Human Behavior and Emerging Technologies (Jan 2024)

Application of Artificial Neural Networks to Predict the Use of Mobile Learning by University Students

  • Alejandro Valencia-Arias,
  • Julián Alberto Uribe-Gómez,
  • Evelyn Flores-Siapo,
  • Lucia Palacios-Moya,
  • Ada Gallegos,
  • Ezequiel Martínez Rojas

DOI
https://doi.org/10.1155/hbe2/1518987
Journal volume & issue
Vol. 2024

Abstract

Read online

The use of mobile devices has become pervasive in recent times, constituting an essential component of daily life. Mobile phones have enabled certain minorities to attain access to the Internet, news, and knowledge, thereby indicating their potential to reduce the digital divide experienced by ethnic groups and those from low socioeconomic backgrounds. This phenomenon has generated academic interest in the utilization of mobile devices to facilitate learning, as these devices merge the lines between computing and communications, giving access to both. The objective of this study is to ascertain the inclination of Peruvian higher education students to use mobile devices for learning.
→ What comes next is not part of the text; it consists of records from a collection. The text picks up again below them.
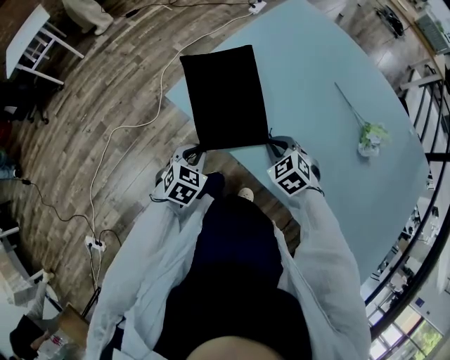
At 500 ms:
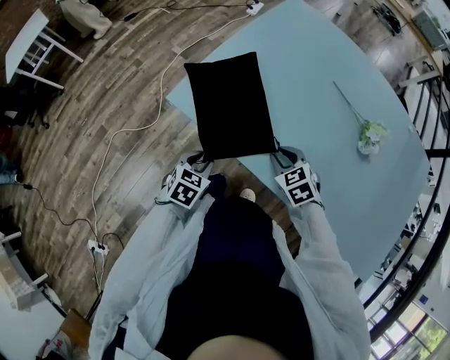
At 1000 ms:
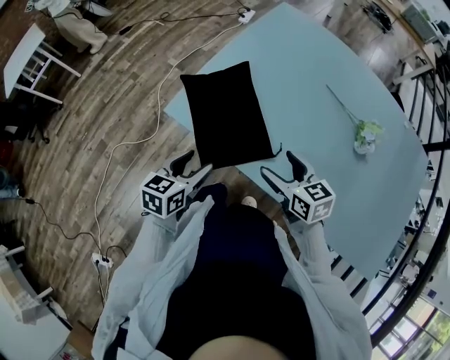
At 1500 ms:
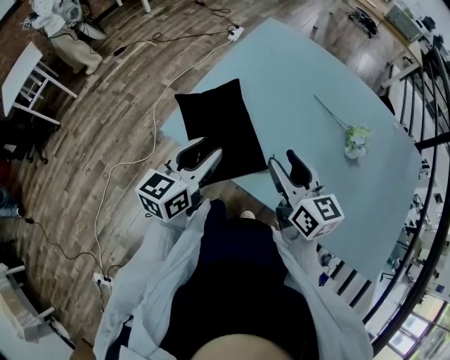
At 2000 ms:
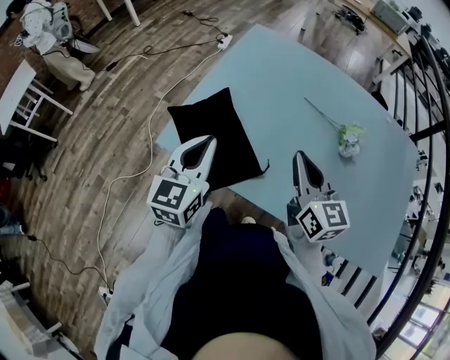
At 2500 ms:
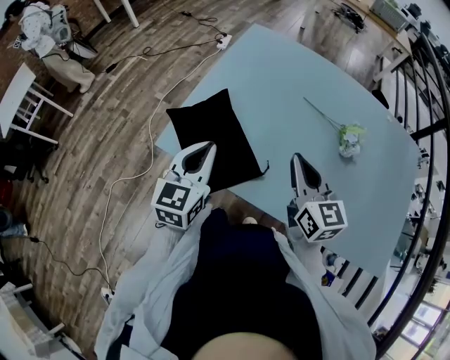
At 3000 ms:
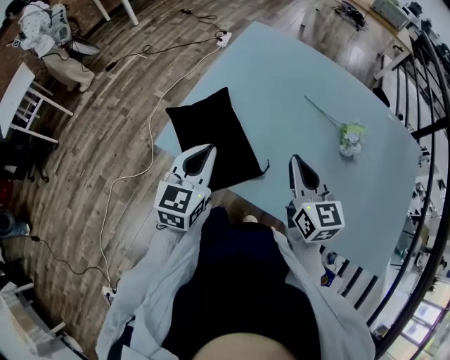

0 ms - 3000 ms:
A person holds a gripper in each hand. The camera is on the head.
0 ms - 1500 ms: Both grippers travel together upward, some 20 cm. The left gripper angles its fingers upward, by approximately 40 degrees, and opens; the right gripper tips its fingers upward by about 40 degrees, and opens.
1500 ms - 3000 ms: The right gripper is displaced to the right by approximately 5 cm, and closes; the left gripper closes up.

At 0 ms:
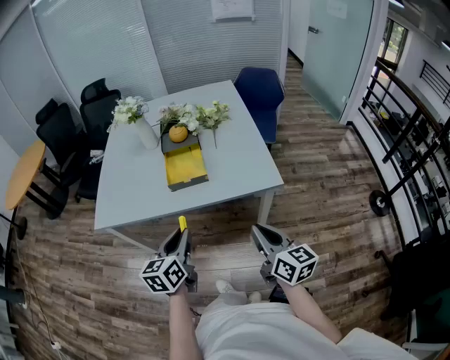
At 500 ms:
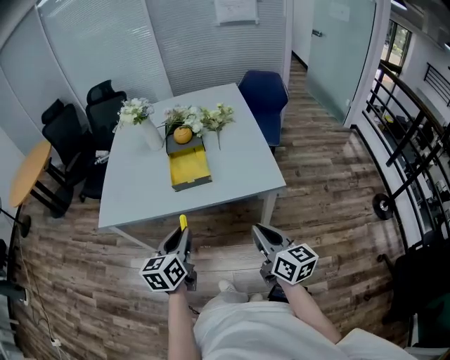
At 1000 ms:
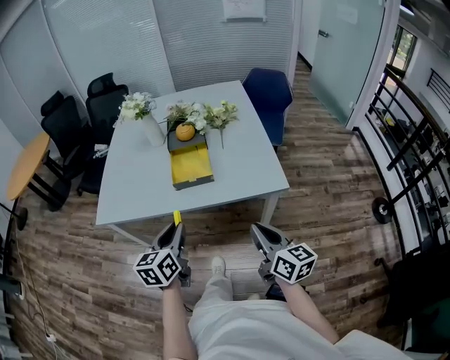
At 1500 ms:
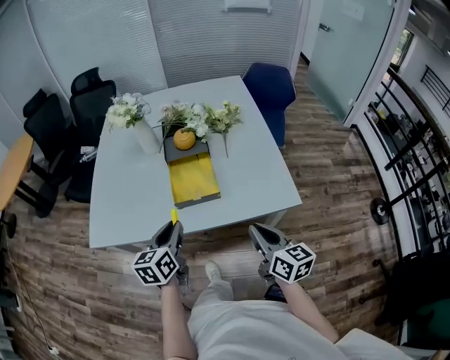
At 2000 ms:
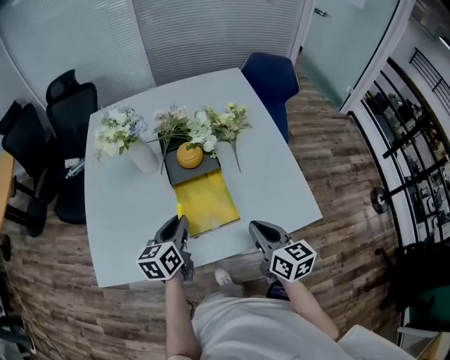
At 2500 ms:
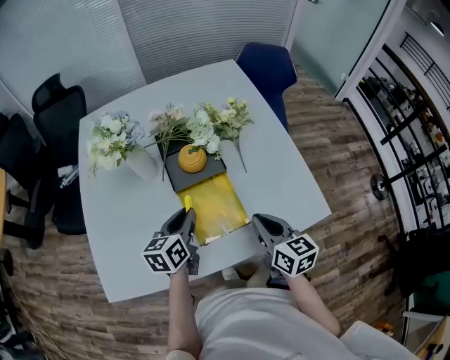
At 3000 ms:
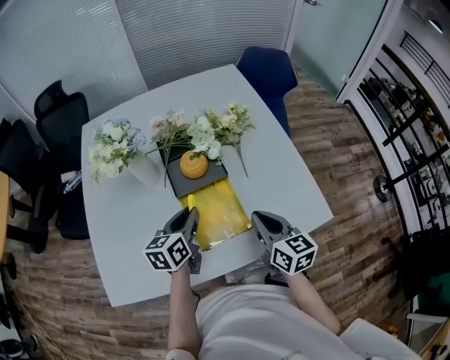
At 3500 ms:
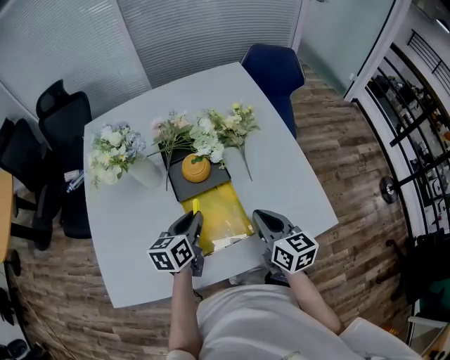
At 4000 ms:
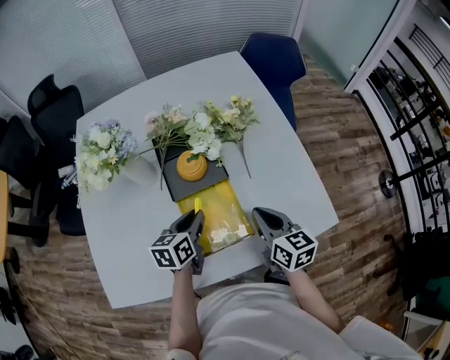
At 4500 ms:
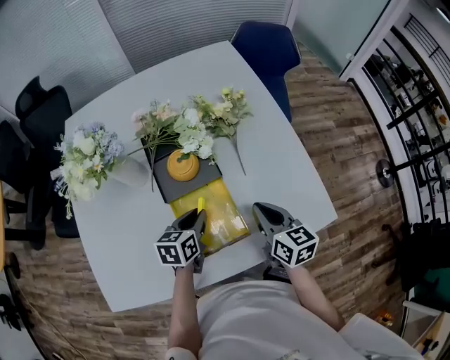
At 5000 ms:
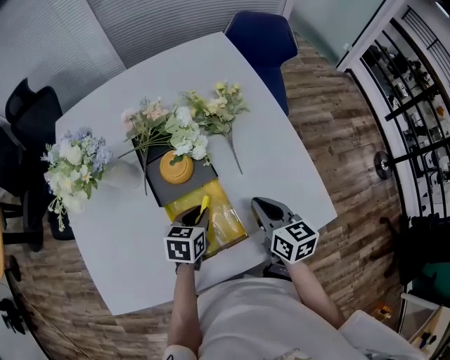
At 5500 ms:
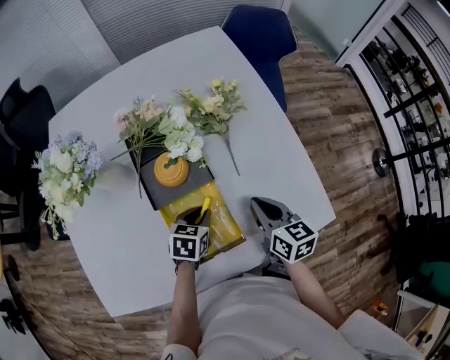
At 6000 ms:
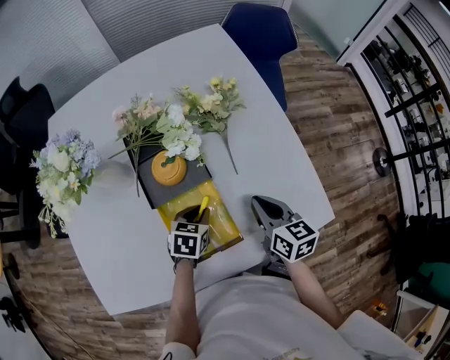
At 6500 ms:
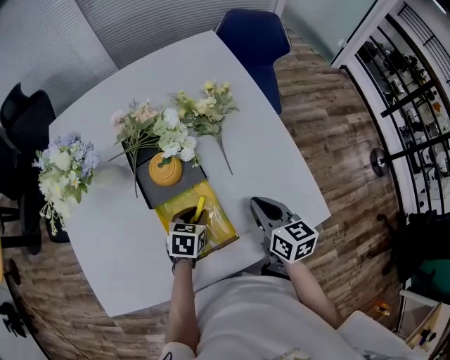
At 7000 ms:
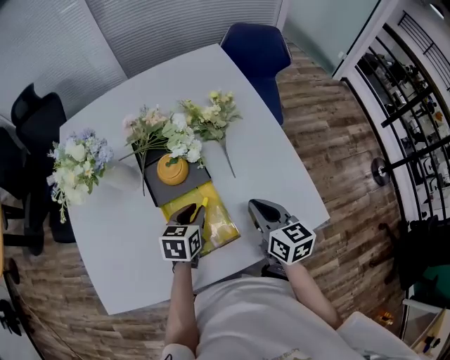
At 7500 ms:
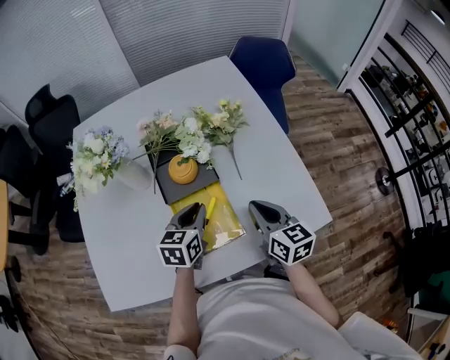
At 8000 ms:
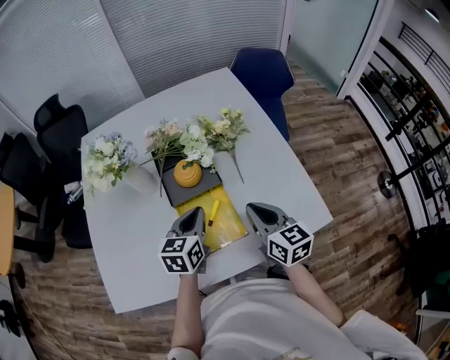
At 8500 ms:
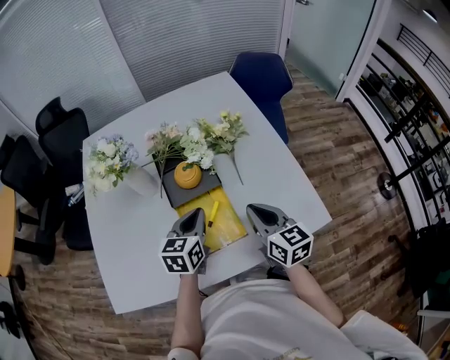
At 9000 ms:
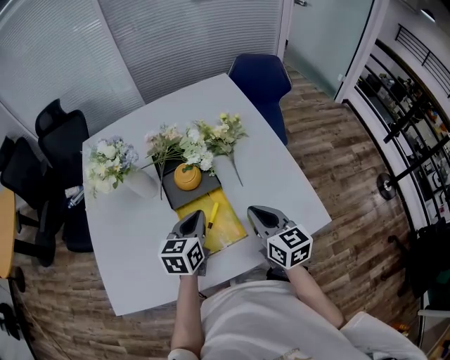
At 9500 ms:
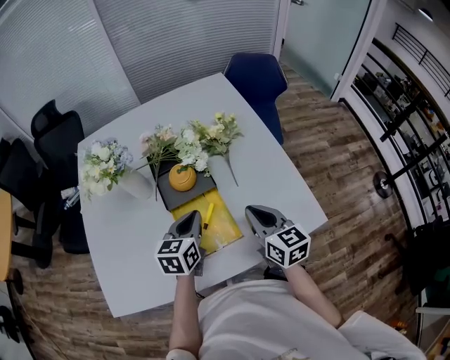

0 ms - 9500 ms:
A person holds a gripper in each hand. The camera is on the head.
0 ms - 2000 ms: Both grippers move forward, some 30 cm.
2000 ms - 4000 ms: The left gripper shifts approximately 10 cm forward and downward. The right gripper heads forward, covering roughly 10 cm.
4000 ms - 5500 ms: The left gripper shifts roughly 10 cm downward and to the right, and changes its angle by some 30 degrees, while the right gripper is displaced forward by about 5 cm.
5500 ms - 7500 ms: The right gripper heads upward, covering roughly 5 cm, while the left gripper heads upward, covering about 10 cm, and turns by some 20 degrees.
7500 ms - 9500 ms: The grippers move only a little.

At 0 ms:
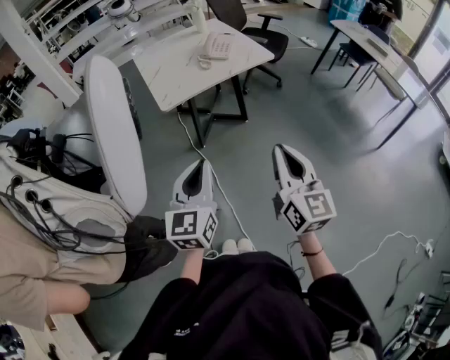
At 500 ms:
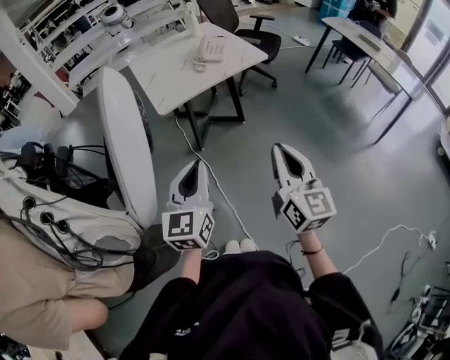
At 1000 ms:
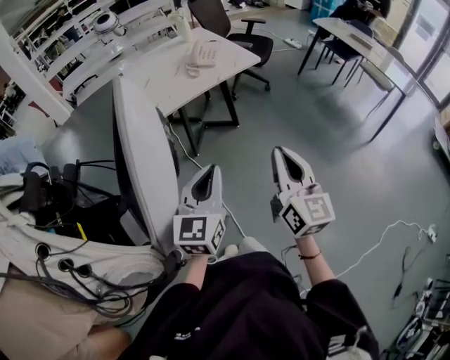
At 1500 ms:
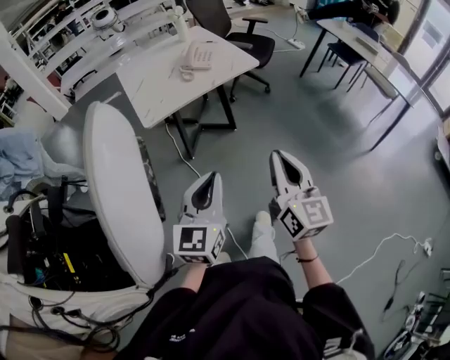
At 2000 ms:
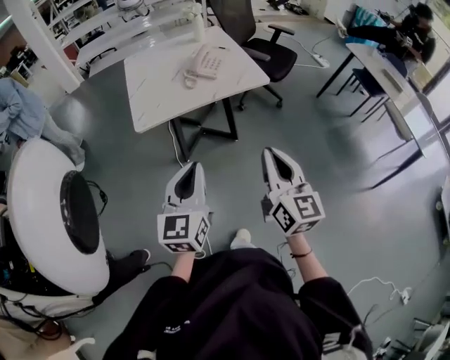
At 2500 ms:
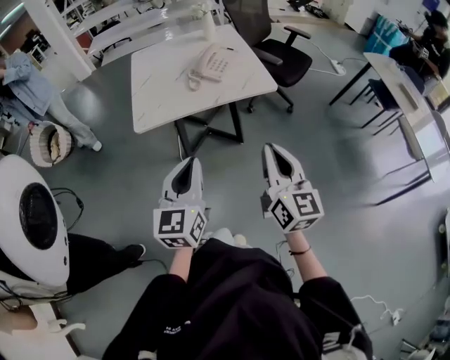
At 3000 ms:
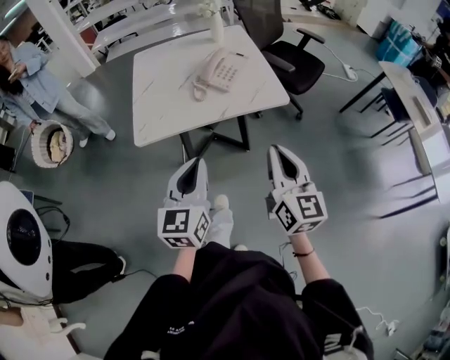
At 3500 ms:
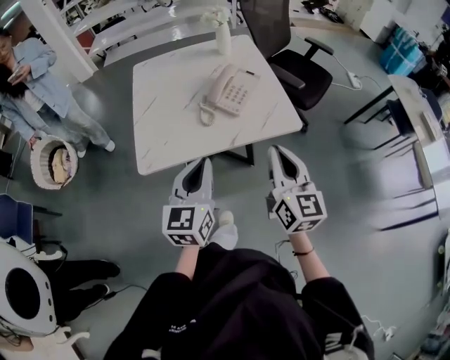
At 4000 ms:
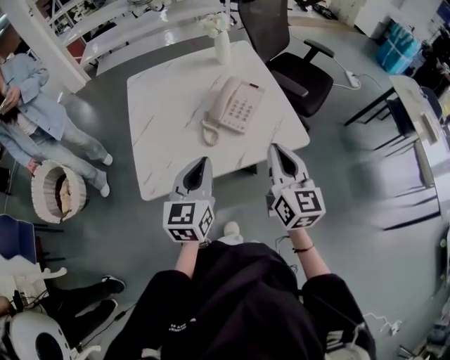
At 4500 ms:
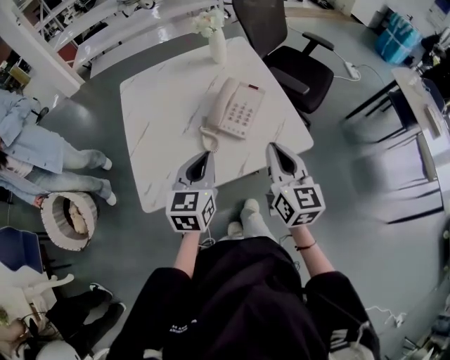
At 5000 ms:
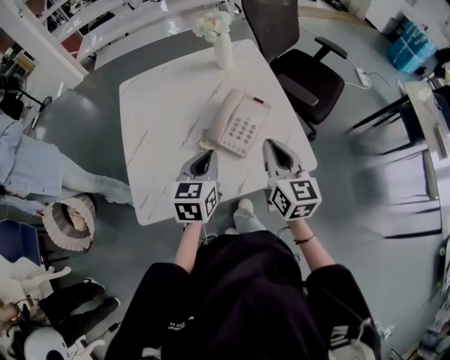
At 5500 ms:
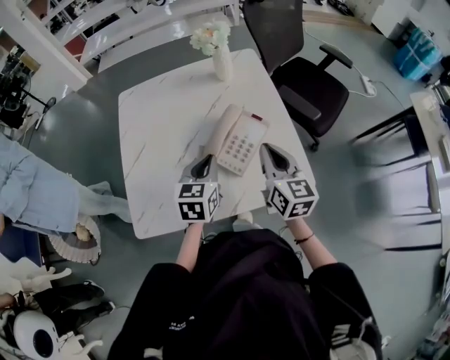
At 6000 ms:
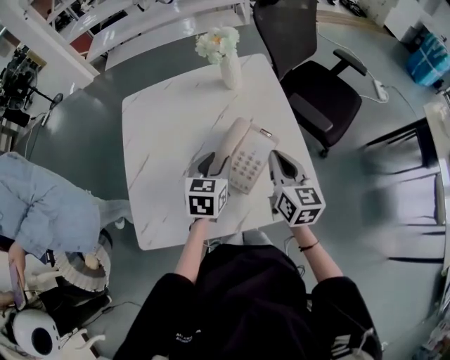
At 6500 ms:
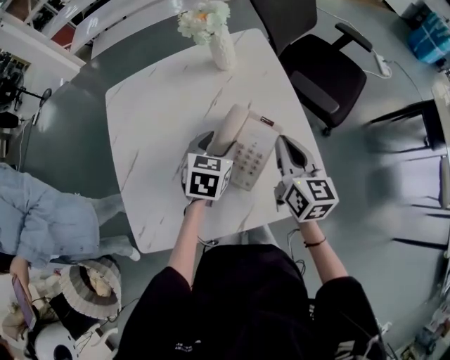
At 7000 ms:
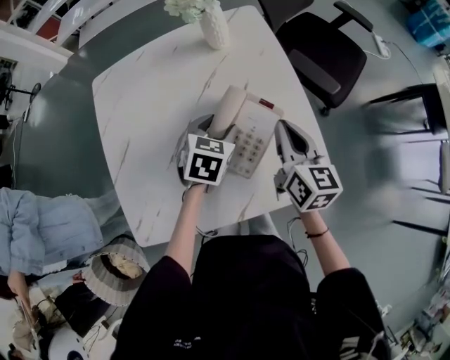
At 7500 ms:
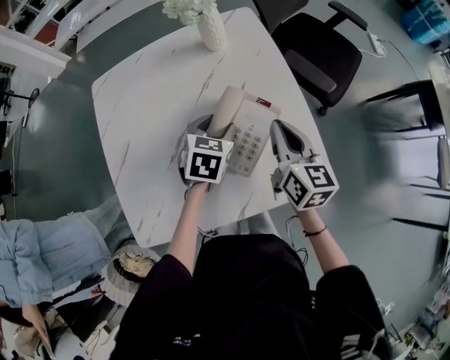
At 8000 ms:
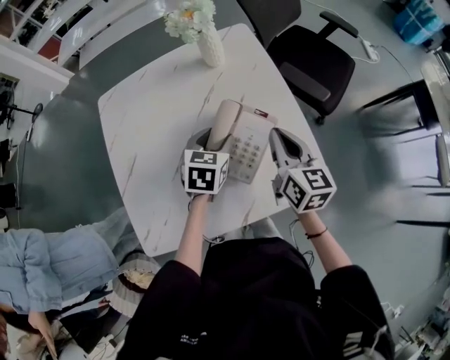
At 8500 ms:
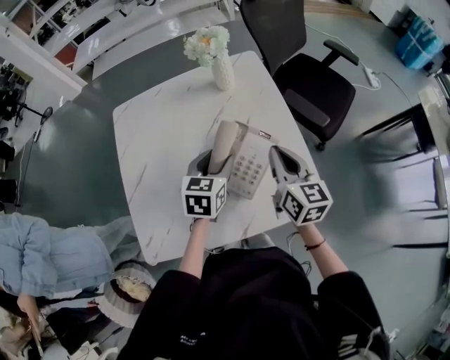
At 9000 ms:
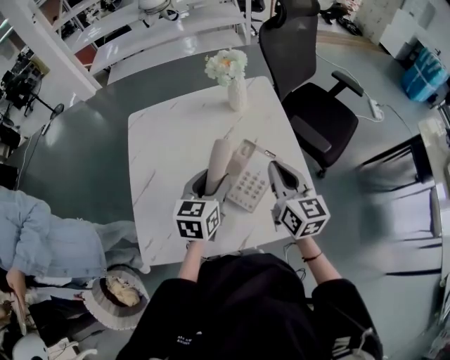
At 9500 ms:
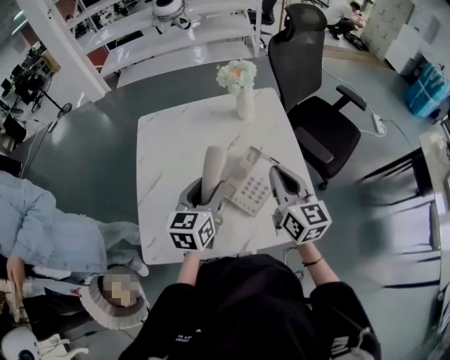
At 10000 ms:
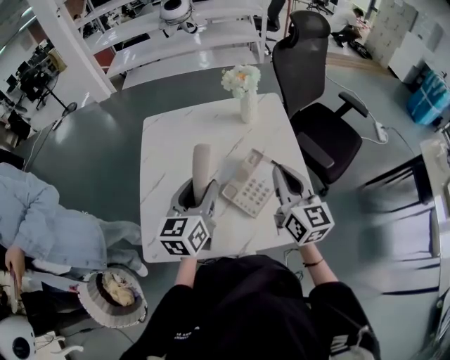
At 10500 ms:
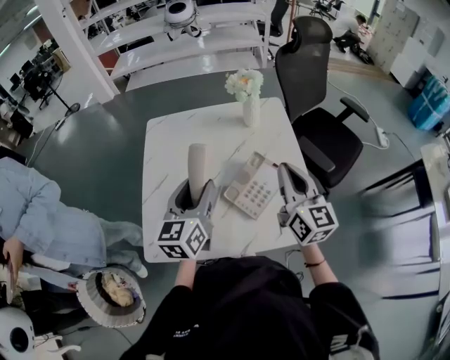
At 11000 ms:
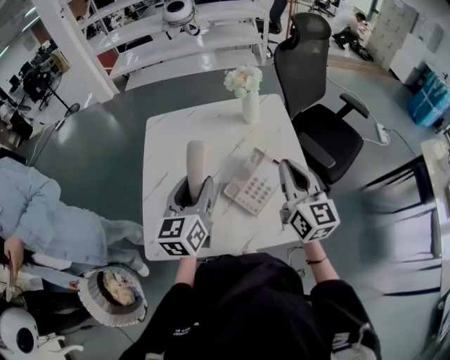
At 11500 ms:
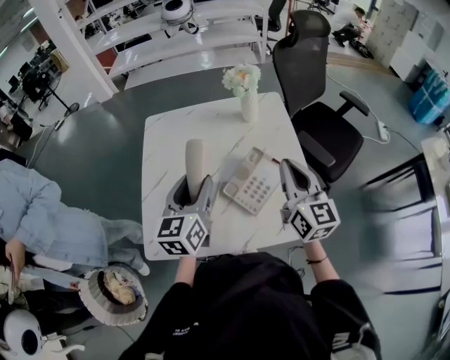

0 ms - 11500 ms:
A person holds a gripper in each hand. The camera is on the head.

This will be achieved through the use of an anticipated model based on artificial neural networks (ANNs). ANNs are supervised machine learning techniques that imitate the organization and operation of the human brain to process data and render decisions. ANNs are computer systems that can learn from observation and experience, much like the human brain, and can subsequently use the acquired knowledge to recognize patterns and make predictions. The objective of this study is to assess the intention of Peruvian tertiary education students to employ mobile devices for learning by creating a predictive model that relies on ANNs. Among the main findings, it is evident that the ANN with optimal performance has 10 neurons within its hidden layer. Factors such as experience with virtual subjects, frequency of use, and coverage are crucial for the two intention variables. This enables directed prediction efforts towards the most significant variables identified by their importance.